Prior to building a hydro-ecological model, it is important identify any sites that could potentially be outliers because they are physically, chemically or geographically dissimilar to the others sites in the dataset. The plot-sitepca function performs a Principal Components Analysis (PCA) which reduces a set of site-level environmental variables down to two uncorrelated ‘principal components’ and plots these components as a two-dimensional scatter plot. Sites that are closer together have more similar environmental characteristics. The proportion of the total environmental variation explained by each component is indicated on the axis labels. The environmental gradients represented by the two axes can be interpreted by reference to the arrows (eigenvectors), which show the direction and strength of correlation between the principal components and the individual environmental variables.

plot_sitepca(data = env_data, vars = c("ALTITUDE", "SLOPE", "WIDTH", "DEPTH", "BOULDERS_COBBLES", "PEBBLES_GRAVEL", "SILT_CLAY"), eigenvectors = TRUE, label_by = "biol_site_id")

In this example, the first component (x-axis) can be interpreted as a longitudinal gradient from wider, deeper rivers (left) to smaller, steeper streams (right), and the second component (y-axis) can be interpreted a gradient in substrate composition from finer pebbles/gravels (top) to coarser boulder/cobbles (bottom). On the basis of these results, we may wish to consider whether sites such as 77216 and 55824 are suitable for inclusion in the model, or whether they are sufficiently different to warrant being excluded.

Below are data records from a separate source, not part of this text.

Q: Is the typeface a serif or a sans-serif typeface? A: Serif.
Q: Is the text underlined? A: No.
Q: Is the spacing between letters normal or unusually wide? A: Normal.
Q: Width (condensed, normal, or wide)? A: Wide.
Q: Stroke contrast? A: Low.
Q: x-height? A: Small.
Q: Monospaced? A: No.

Assess coverage of historical flow conditions

A hydro-ecological model has a greater chance of revealing relationships between biology metrics and flow variables if the biology samples span a wide range of flow conditions. Good coverage of historical flow conditions by the biology sample data also means that the calibrated model is likely to be better at predicting biological responses under high and low flow scenarios.

The plot_rngflows function generates a scatterplot for two flow variables and overlays two convex hulls: one showing the full range of flow conditions experienced historically, and a second convex hull showing the range of flow conditions with associated biology samples. This visualisation helps identify to what extent the available biology data span the full range of full range of flow conditions experienced historically.

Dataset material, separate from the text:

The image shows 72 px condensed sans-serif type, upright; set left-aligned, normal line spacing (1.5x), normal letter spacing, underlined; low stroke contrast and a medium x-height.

In the following example, the Q95z and Q10z flow statistics have been selected as measures of low and high flows within each six month period. The first plot shows the data for all 20 sites; the second plot is faceted to show the data separately for each site individually. In this dataset, biology samples are present for almost every six month period, and so provide excellent coverage of historical flow conditions.

all.combinations <- expand.grid(biol_site_id = unique(biol_data$biol_site_id), Year = min(biol_data$Year):max(biol_data$Year), Season = c("Spring", "Autumn"), stringsAsFactors = FALSE)
dim(all.combinations)

## [1] 374   3

biol_data1 <- all.combinations %>%
  left_join(biol_all)


mapping <- master_data[, c("biol_site_id", "flow_site_id")]

join_data <- join_he(biol_data = biol_data1, flow_stats = flowstats_1, mapping = mapping, lags = c(0, 1), method = "A", join_type = "add_biol")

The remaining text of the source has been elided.